Site information
- Type: Military airfield
- Controlled by: United States Army Air Forces

Location
- Coordinates: 35°33′05.20″N 000°26′53.59″W﻿ / ﻿35.5514444°N 0.4482194°W

Site history
- Built: 1942
- In use: 1942-1943

= Sainte-Barbe du Tlélat Airfield =

Algerian WW2 military airfield

Sainte-Barbe du Tlélat Airfield was a World War II military airfield in Algeria near the city of Oued Tlélat.

The airfield was a temporary facility used by the United States Army Air Force Twelfth Air Force during the North African Campaign against the German Afrika Korps. It was the home of the 27th Fighter Group from 26 December 1942 until mid-January 1943, which flew A-20 Havoc light bombers.

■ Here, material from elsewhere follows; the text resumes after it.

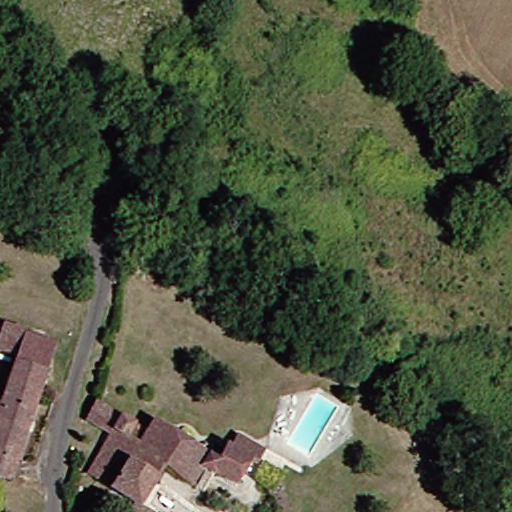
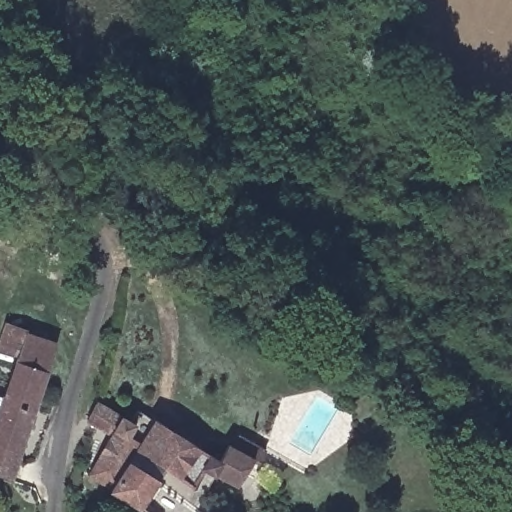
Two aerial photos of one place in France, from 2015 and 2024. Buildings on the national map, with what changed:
unchanged [(0,348),(0,331),(5,318),(31,328),(62,340),(14,482),(0,476),(0,409),(20,355),(0,348)]
unchanged [(155,417),(194,442),(205,426),(228,440),(234,444),(240,436),(270,455),(261,468),(257,466),(239,494),(209,474),(200,487),(175,471),(151,508),(154,512),(133,512),(82,479),(96,456),(84,449),(93,435),(80,427),(94,405),(142,436),(155,417)]

The airfield consisted of grass or Pierced Steel Planking runways and parking and dispersal areas, with support structures were quickly constructed out of wood or tents, along with (if needed) a temporary steel control tower. Six-man tents were used for billeting, lined up in rows with the orderly room and the mess hall at one end. There was one, dimly lit, light bulb at the center of each tent. The tent floor was grass or more commonly, dirt. Eventually plywood was scavenged for flooring; wooden cots were used for beds, and ubiquitous 55-gallon drums were converted into a heater/stove and other uses.

The ground echelon of the 301st Bombardment Group also was assigned to the airfield in December 1942 and the airfield was dismantled in March 1943. Today, there is little or no evidence of the airfield, with the land now used in agriculture.